■ **Your instructions**:
Please reproduce, exactly and with nothing added, the line containing "The person turns." and every line after it to the end of the records.

....

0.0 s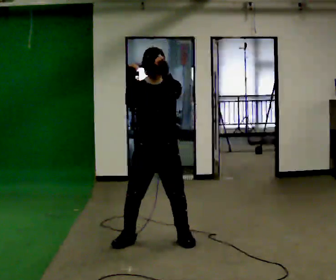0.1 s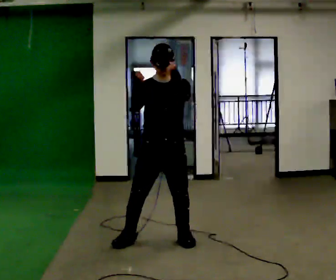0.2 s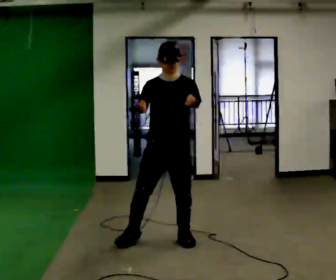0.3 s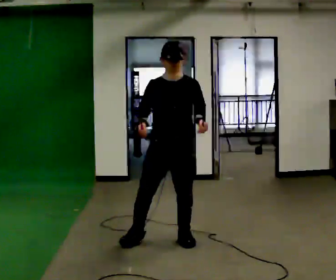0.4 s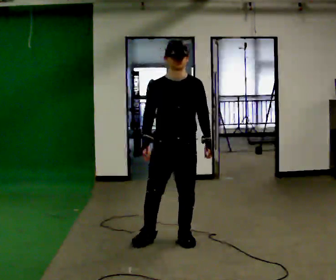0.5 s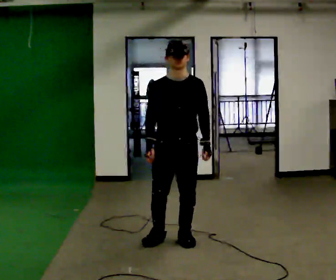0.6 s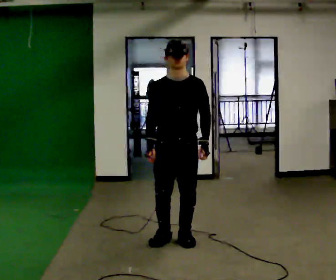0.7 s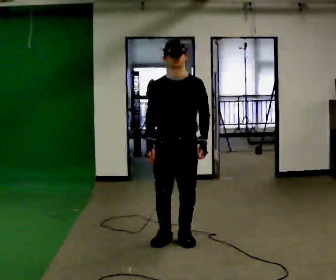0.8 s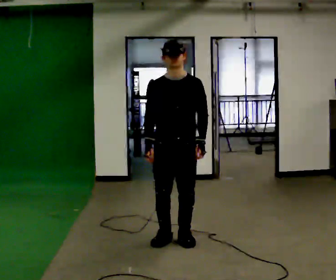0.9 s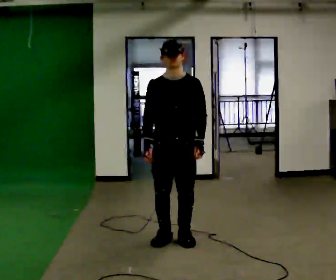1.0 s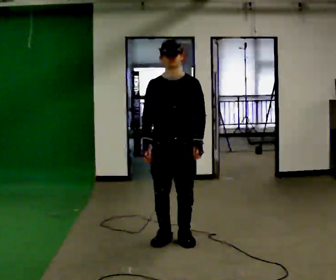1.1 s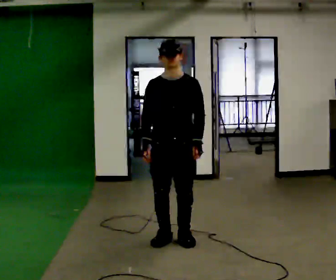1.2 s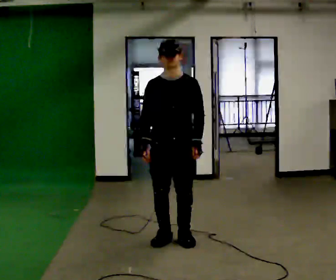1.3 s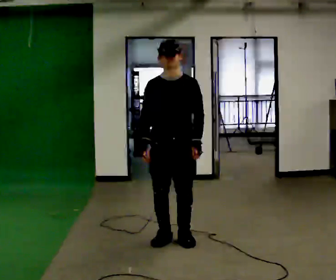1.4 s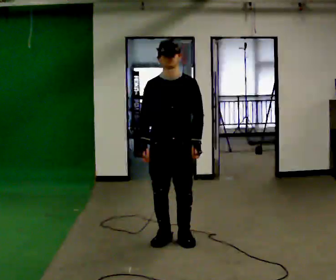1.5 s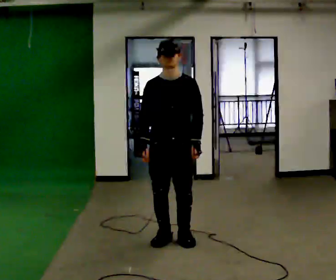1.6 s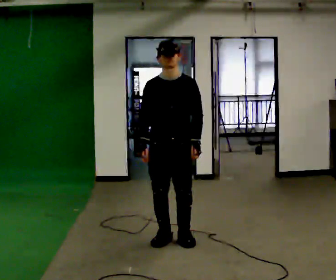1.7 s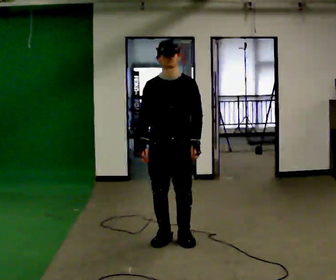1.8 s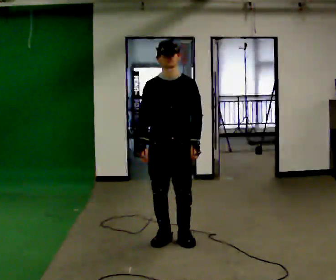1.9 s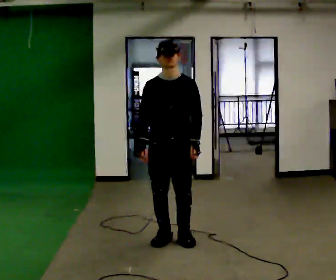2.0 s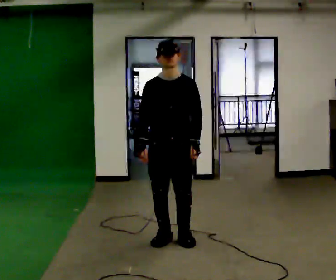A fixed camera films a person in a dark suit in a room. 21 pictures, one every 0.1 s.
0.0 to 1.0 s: In the picture their left hand goes downward.
1.0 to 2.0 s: The person moves a little, or ends about where they began.
The film runs backward here.
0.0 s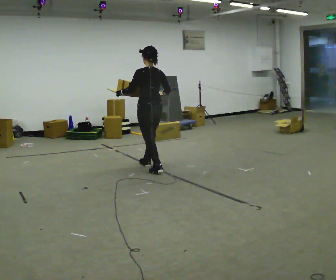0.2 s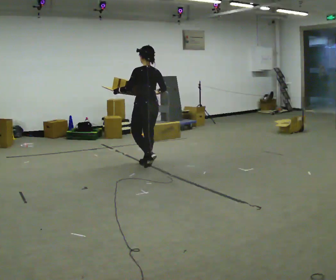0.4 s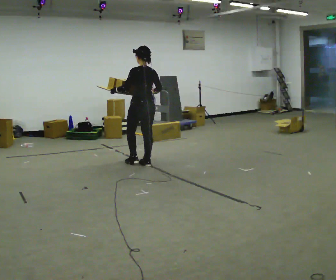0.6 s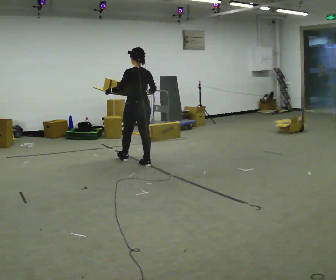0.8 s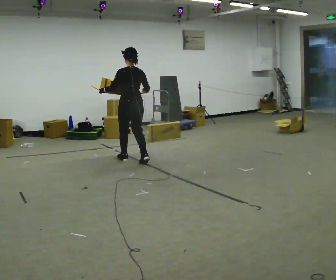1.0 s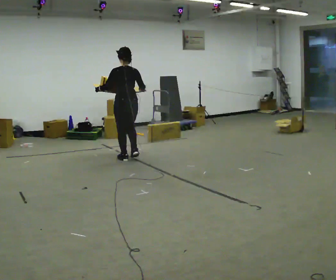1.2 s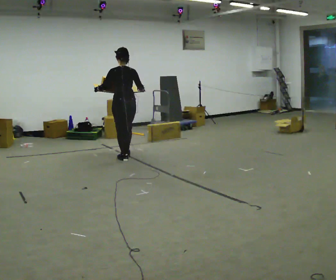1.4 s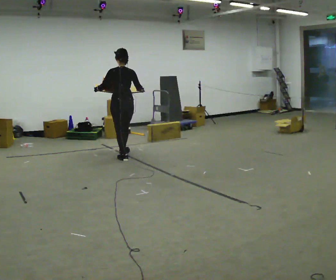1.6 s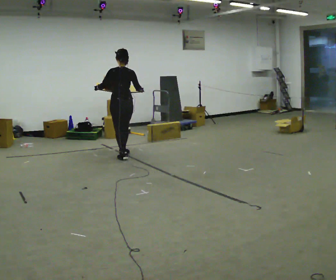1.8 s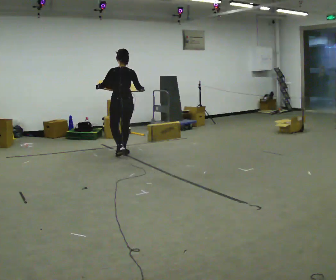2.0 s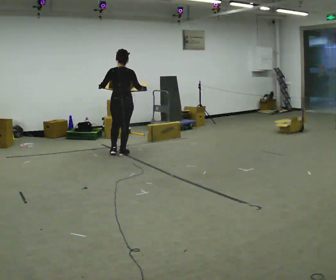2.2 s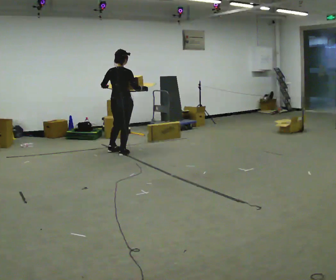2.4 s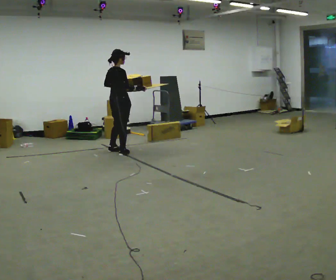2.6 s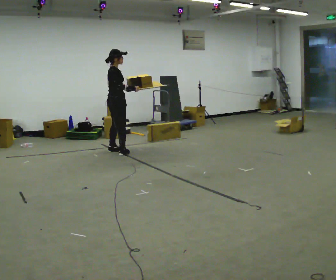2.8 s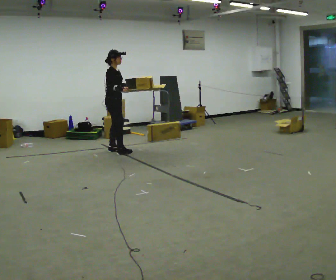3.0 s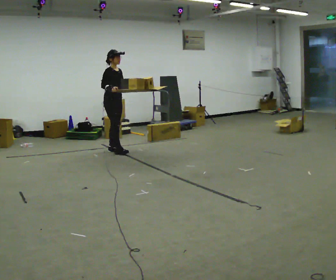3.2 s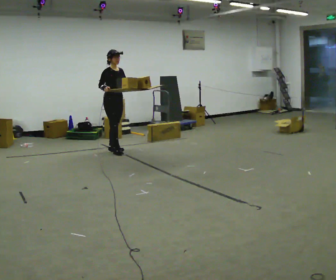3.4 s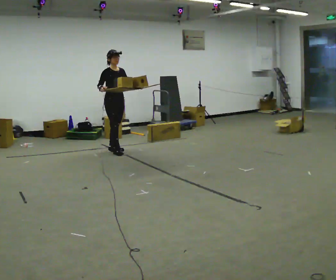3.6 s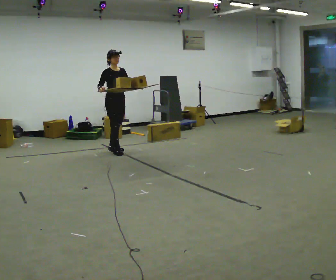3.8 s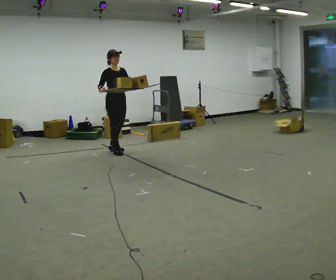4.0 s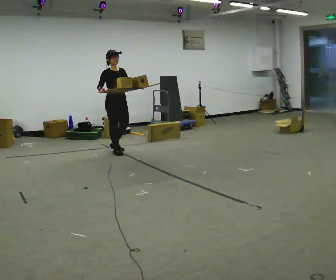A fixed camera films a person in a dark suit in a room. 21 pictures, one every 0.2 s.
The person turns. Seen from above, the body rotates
clockwise.
The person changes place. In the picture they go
away from the camera.
0.0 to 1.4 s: In the picture they go away from the camera and to the left, about 1 m in 2 steps, which for them is forward.
1.4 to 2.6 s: The part of the body nearest the lens slides to the left as the person turns to their right by about 90 degrees. In the picture they go away from the camera, about 0.5 m in 1 step.
2.6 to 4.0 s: Seen from above the body turns clockwise, about 60 degrees: to their right, with its near side sliding to the left.
The film runs forward here.

....

■ **Task output**:
The person turns. Seen from above, the body rotates
clockwise.
The person changes place. In the picture they go
away from the camera.
0.0 to 1.4 s: In the picture they go away from the camera and to the left, about 1 m in 2 steps, which for them is forward.
1.4 to 2.6 s: The part of the body nearest the lens slides to the left as the person turns to their right by about 90 degrees. In the picture they go away from the camera, about 0.5 m in 1 step.
2.6 to 4.0 s: Seen from above the body turns clockwise, about 60 degrees: to their right, with its near side sliding to the left.
The film runs forward here.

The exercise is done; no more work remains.